Body Mass Index and Outcomes With Targeted Therapy, Immunotherapy, or Chemotherapy in Metastatic Melanoma


Key Points

  • Obesity was associated with improved progression-free and overall survival in patients receiving targeted or immune therapy.
  • Survival benefit appeared to be restricted to obese men receiving targeted or immune therapy.

In a study reported in The Lancet Oncology, McQuade et al found that obesity was associated with improved outcomes in treatment of metastatic melanoma with targeted therapy or immunotherapy—but not chemotherapy—with a survival benefit appearing to be restricted to obese male patients.

Study Details

The retrospective study included 1,918 eligible patients from six cohorts treated with targeted therapy, immunotherapy, or chemotherapy between August 2006 and January 2016. These included two cohorts from trials of targeted therapy (dabrafenib [Tafinlar] plus trametinib [Mekinist] [n = 599] and vemurafenib [Zelboraf] plus cobimetinib [Cotellic]  [n = 240]); two cohorts treated with immunotherapy (one trial of ipilimumab [Yervoy] plus dacarbazine [n = 207] and a retrospective cohort treated with pembrolizumab [Keytruda], nivolumab [Opdivo], or atezolizumab [Tecentriq] [n = 331]); and two cohorts treated with chemotherapy (two trials of dacarbazine [n = 320 and n = 221]).

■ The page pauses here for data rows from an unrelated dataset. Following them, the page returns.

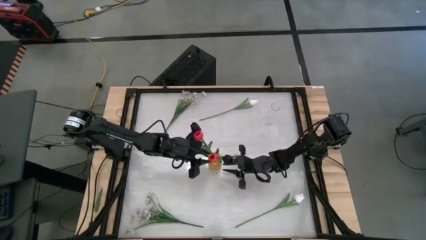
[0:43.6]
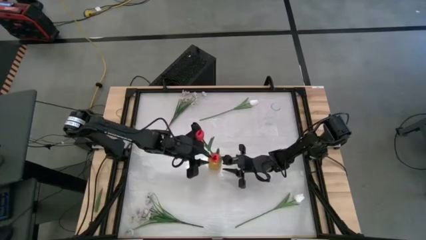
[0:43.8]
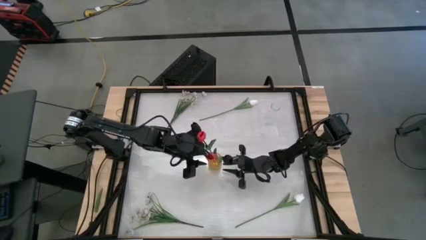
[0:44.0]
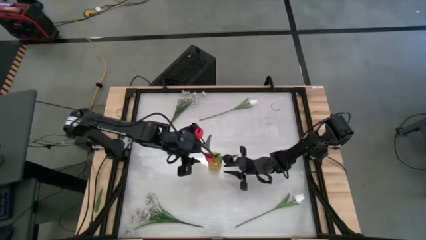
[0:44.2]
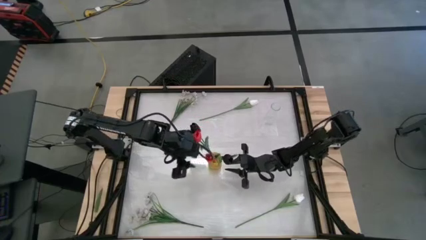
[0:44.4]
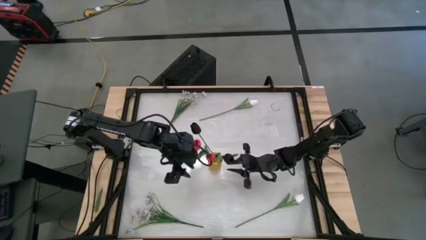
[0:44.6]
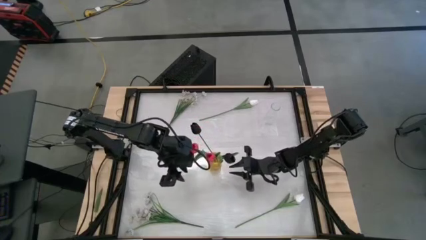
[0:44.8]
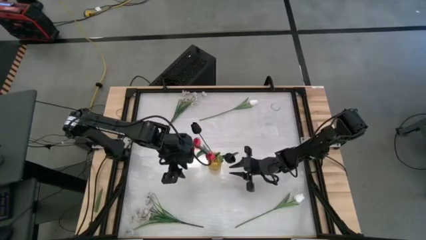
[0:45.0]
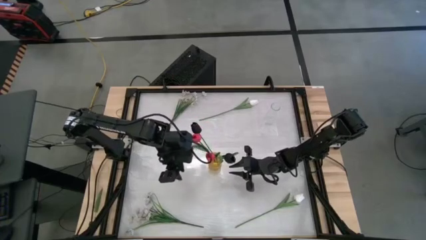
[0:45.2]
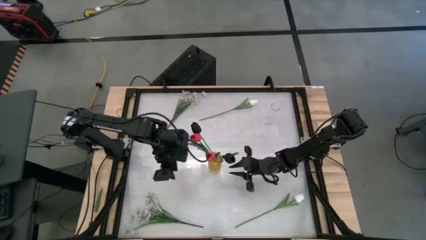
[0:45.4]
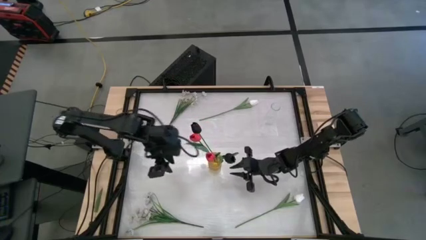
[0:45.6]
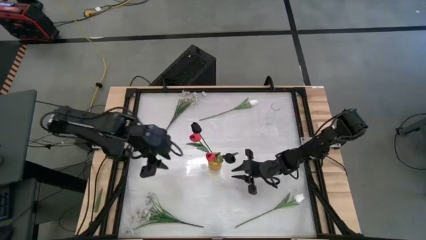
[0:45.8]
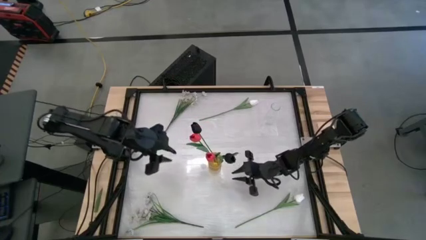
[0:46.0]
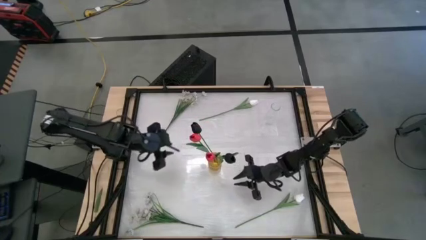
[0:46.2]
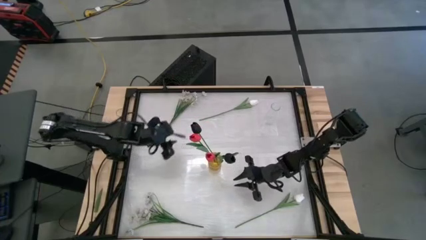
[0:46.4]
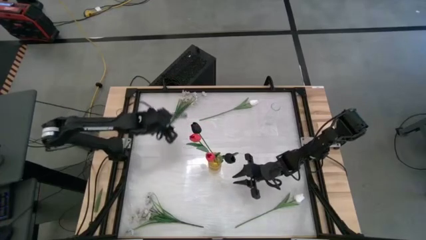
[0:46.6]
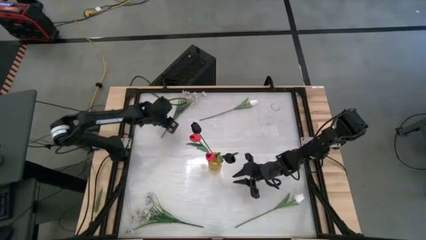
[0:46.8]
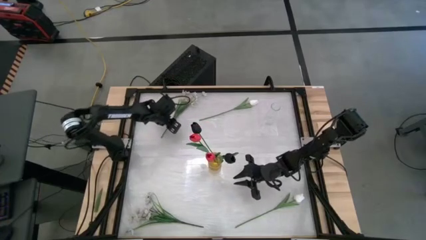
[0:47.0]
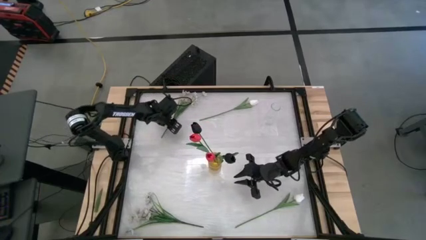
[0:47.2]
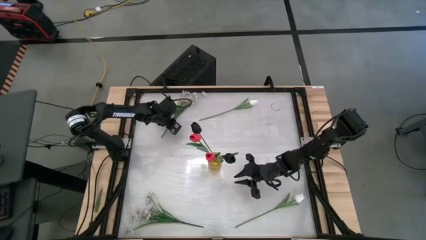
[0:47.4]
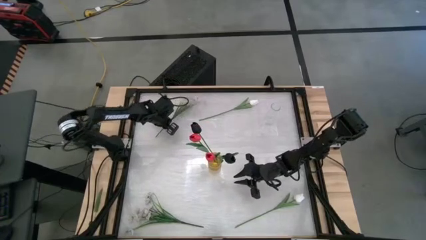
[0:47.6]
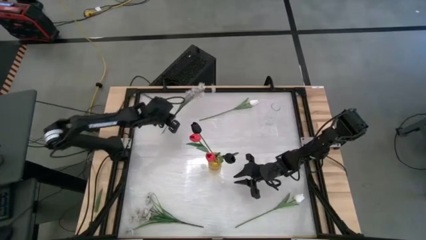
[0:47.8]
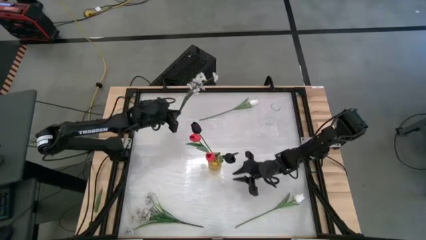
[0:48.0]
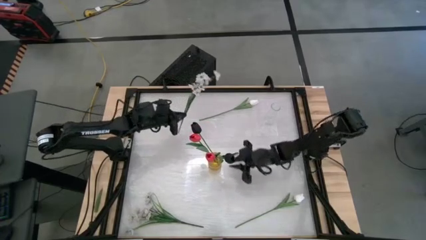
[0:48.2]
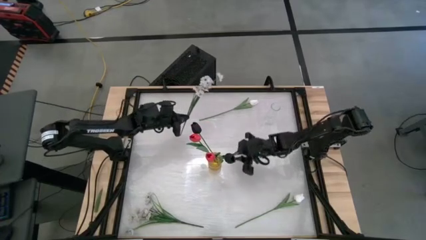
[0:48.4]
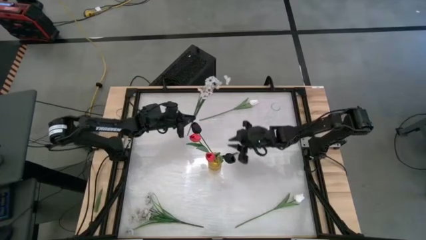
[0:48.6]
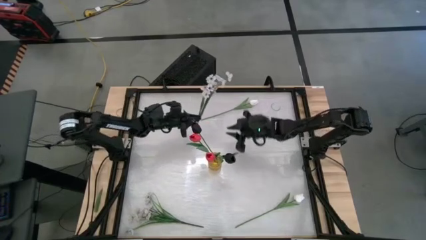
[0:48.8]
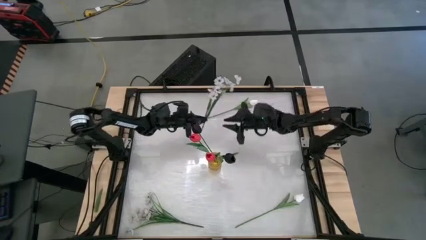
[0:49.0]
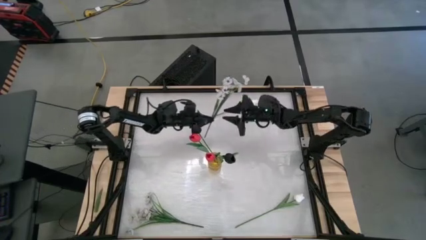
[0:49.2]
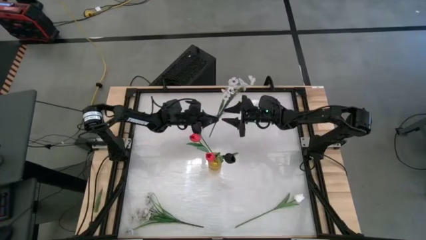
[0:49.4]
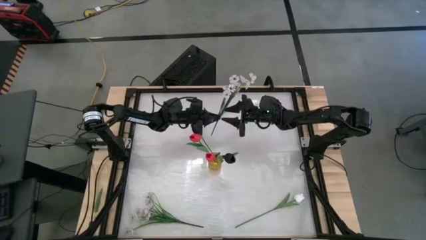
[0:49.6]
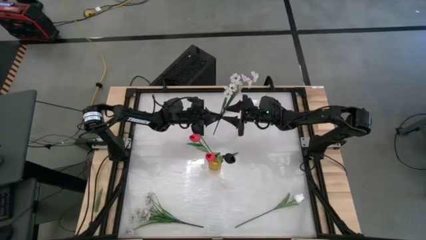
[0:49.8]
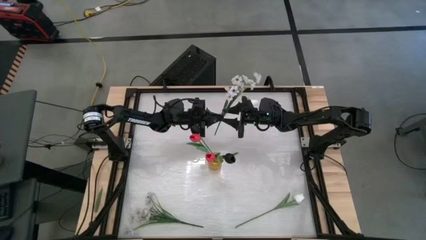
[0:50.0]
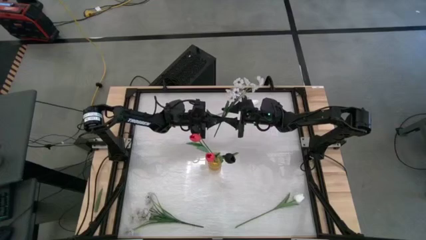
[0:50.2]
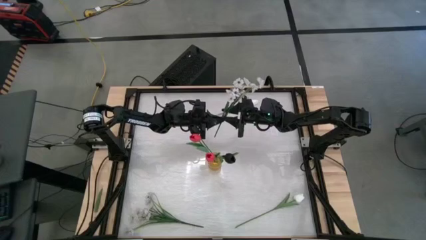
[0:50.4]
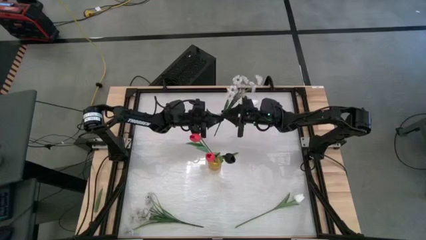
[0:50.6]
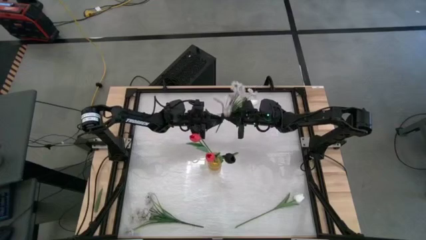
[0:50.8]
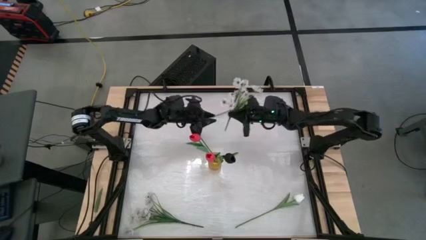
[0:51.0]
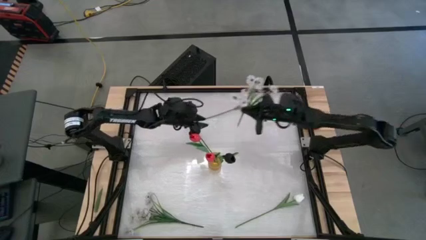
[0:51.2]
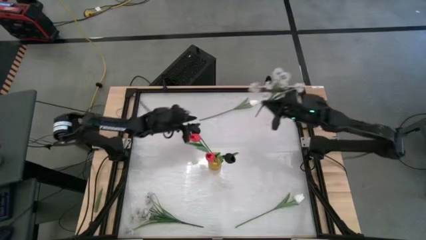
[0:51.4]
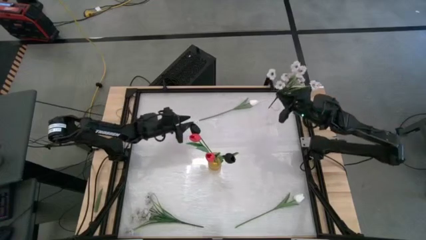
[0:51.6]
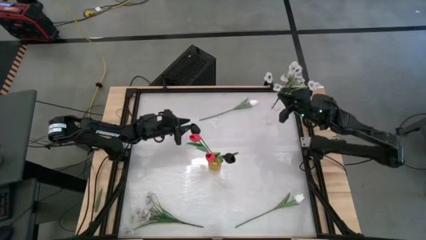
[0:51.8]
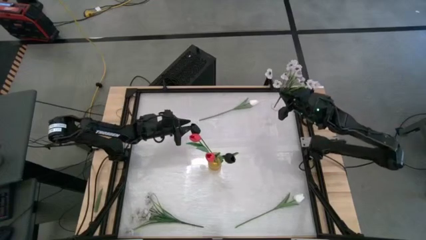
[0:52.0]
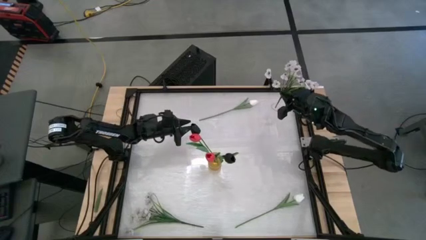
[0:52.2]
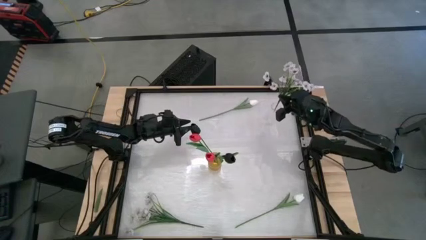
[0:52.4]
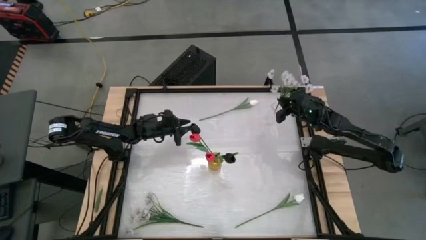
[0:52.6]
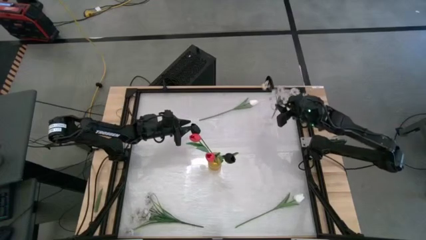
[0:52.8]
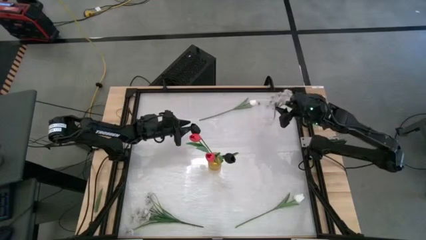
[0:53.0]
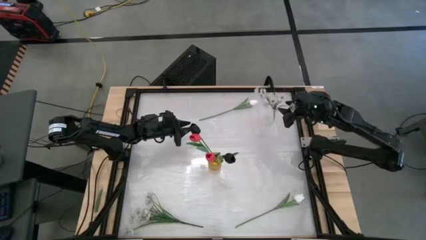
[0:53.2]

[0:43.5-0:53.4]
Task: Sort flowers into vase by color
Put the top white flowers into the transparent vase

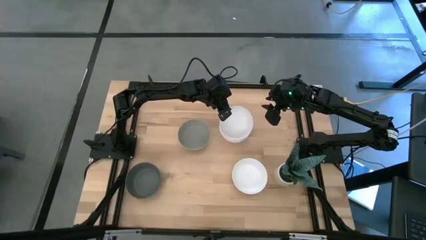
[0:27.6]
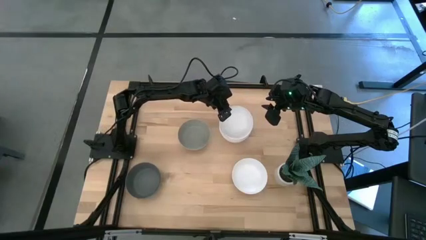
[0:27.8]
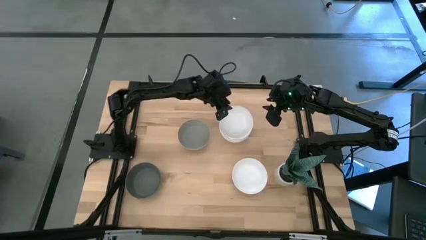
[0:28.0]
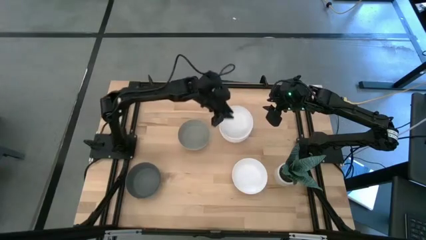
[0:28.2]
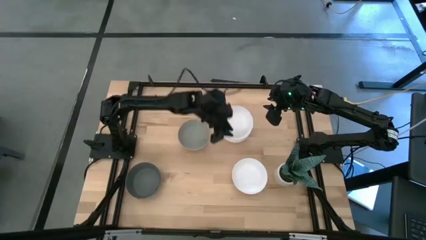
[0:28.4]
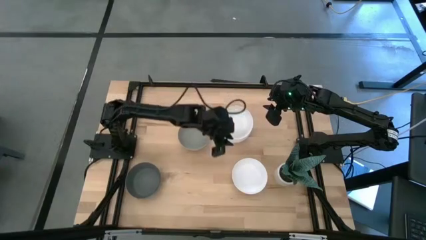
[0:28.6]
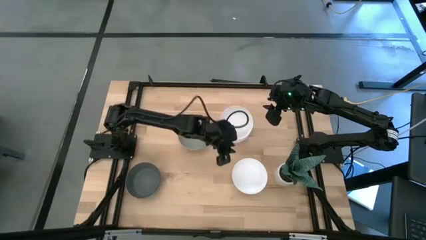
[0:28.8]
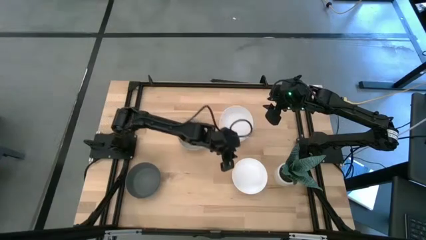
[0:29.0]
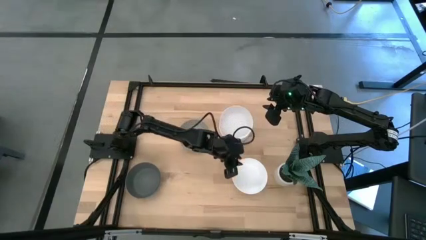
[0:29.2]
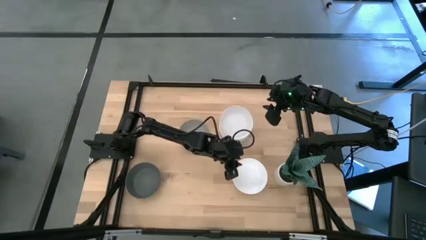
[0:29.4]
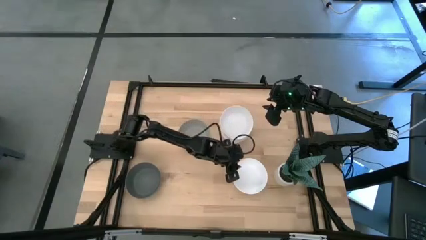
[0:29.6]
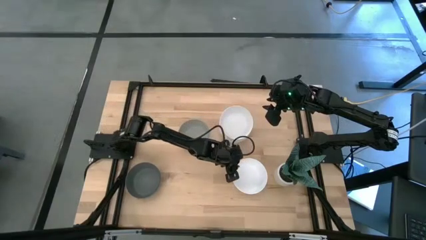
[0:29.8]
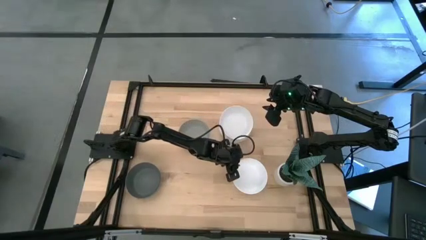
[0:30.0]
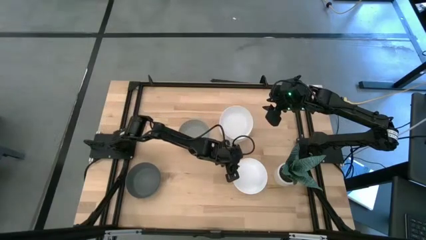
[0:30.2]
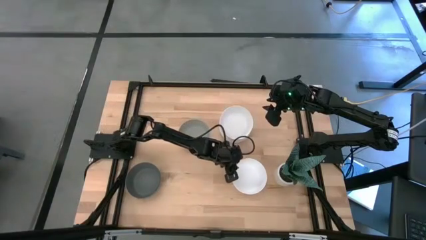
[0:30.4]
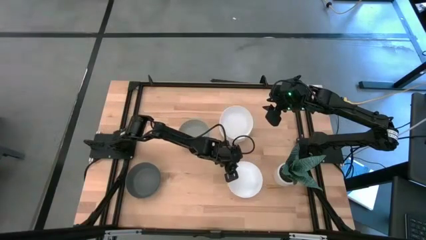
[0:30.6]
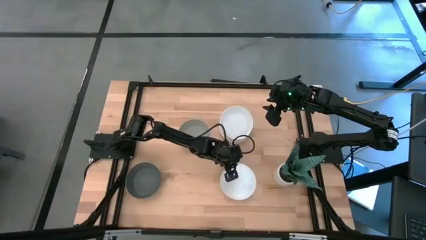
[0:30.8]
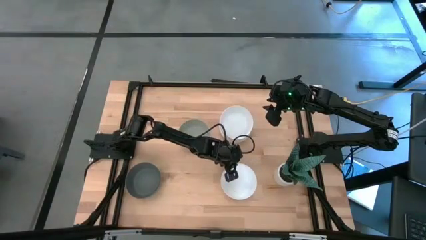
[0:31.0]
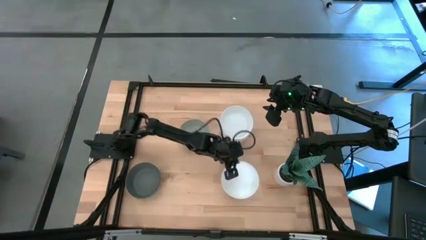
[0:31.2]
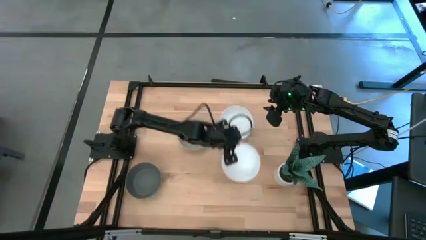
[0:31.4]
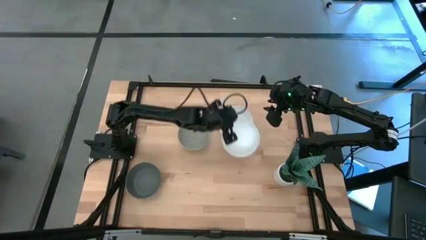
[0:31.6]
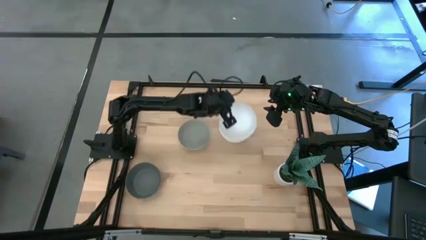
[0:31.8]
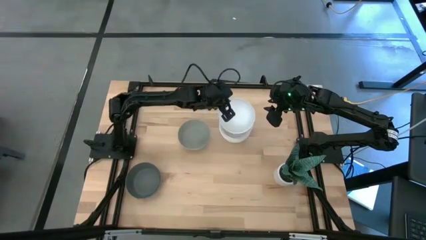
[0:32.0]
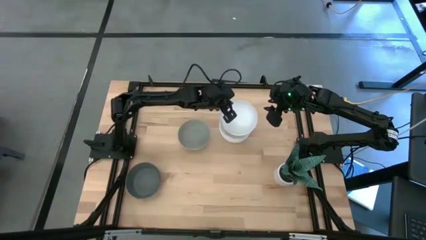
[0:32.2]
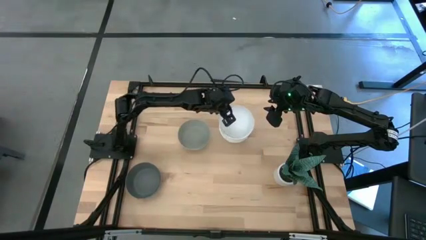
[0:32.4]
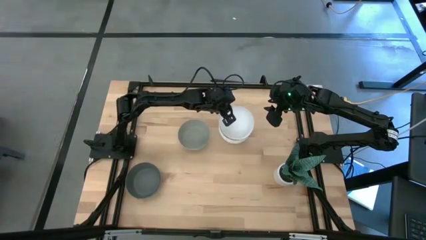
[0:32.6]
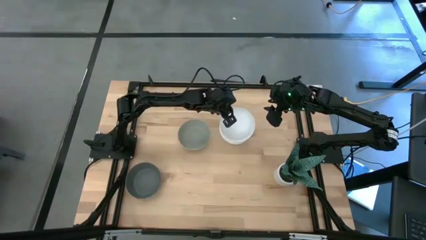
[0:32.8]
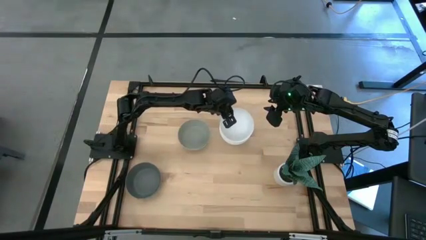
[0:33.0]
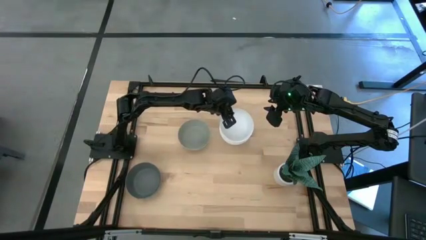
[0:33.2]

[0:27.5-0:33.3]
Task: Nest bowls inside each other
Stack the white bowl on top of the white bowl

Patients were classified by body mass index (BMI) according to WHO definitions as underweight, normal, overweight, or obese. Underweight patients were excluded from analysis.

Overall, 694 patients (36%) were normal BMI, 711 (37%) were overweight, and 513 (27%) were obese.

Effect of Obesity

In pooled analysis, obesity vs normal BMI was associated with improved progression-free survival (average adjusted hazard ratio [HR] = 0.77, 95% confidence interval [CI] = 0.66–0.90) and overall survival (HR = 0.74, 95% CI = 0.58–0.95). The benefit of obesity was restricted to patients treated with targeted therapy, with HRs of 0.72 (95% CI = 0.57–0.91) for progression-free survival and 0.60 (95% CI = 0.45–0.79) for overall survival, and to patients treated with immunotherapy, with respective HRs of 0.75 (95% CI = 0.56–1.00) and 0.64 (95% CI = 0.47–0.86). No significant associations were observed for chemotherapy, with respective HRs of 0.87 (95% CI = 0.65–1.17) and 1.03 (95% CI = 0.80–1.34). The association of BMI with overall survival for patients treated with targeted or immune therapies was significant among men (HR = 0.53, 95% CI = 0.40–0.70) but not among women (HR = 0.85, 95% CI = 0.61–1.18; P = .03 for interaction).

The investigators concluded, “Our results suggest that in patients with metastatic melanoma, obesity is associated with improved progression-free survival and overall survival compared with those outcomes in patients with normal BMI, and that this association is mainly seen in male patients treated with targeted or immune therapy. These results have implications for the design of future clinical trials for patients with metastatic melanoma, and the magnitude of the benefit found supports further investigation of the underlying mechanism of these associations.”

The study was supported by an ASCO/CCF Young Investigator Award, ASCO/CCF Career Development Award, MD Anderson Cancer Center (MDACC) Melanoma Moonshot Program, MDACC Melanoma SPORE, and the Dr. Miriam and Sheldon G. Adelson Medical Research Foundation.

Jennifer L. McQuade, MD, of the Department of Melanoma Medical Oncology at The University of Texas MD Anderson Cancer Center, is the corresponding author for The Lancet Oncology article. 

The content in this post has not been reviewed by the American Society of Clinical Oncology, Inc. (ASCO®) and does not necessarily reflect the ideas and opinions of ASCO®.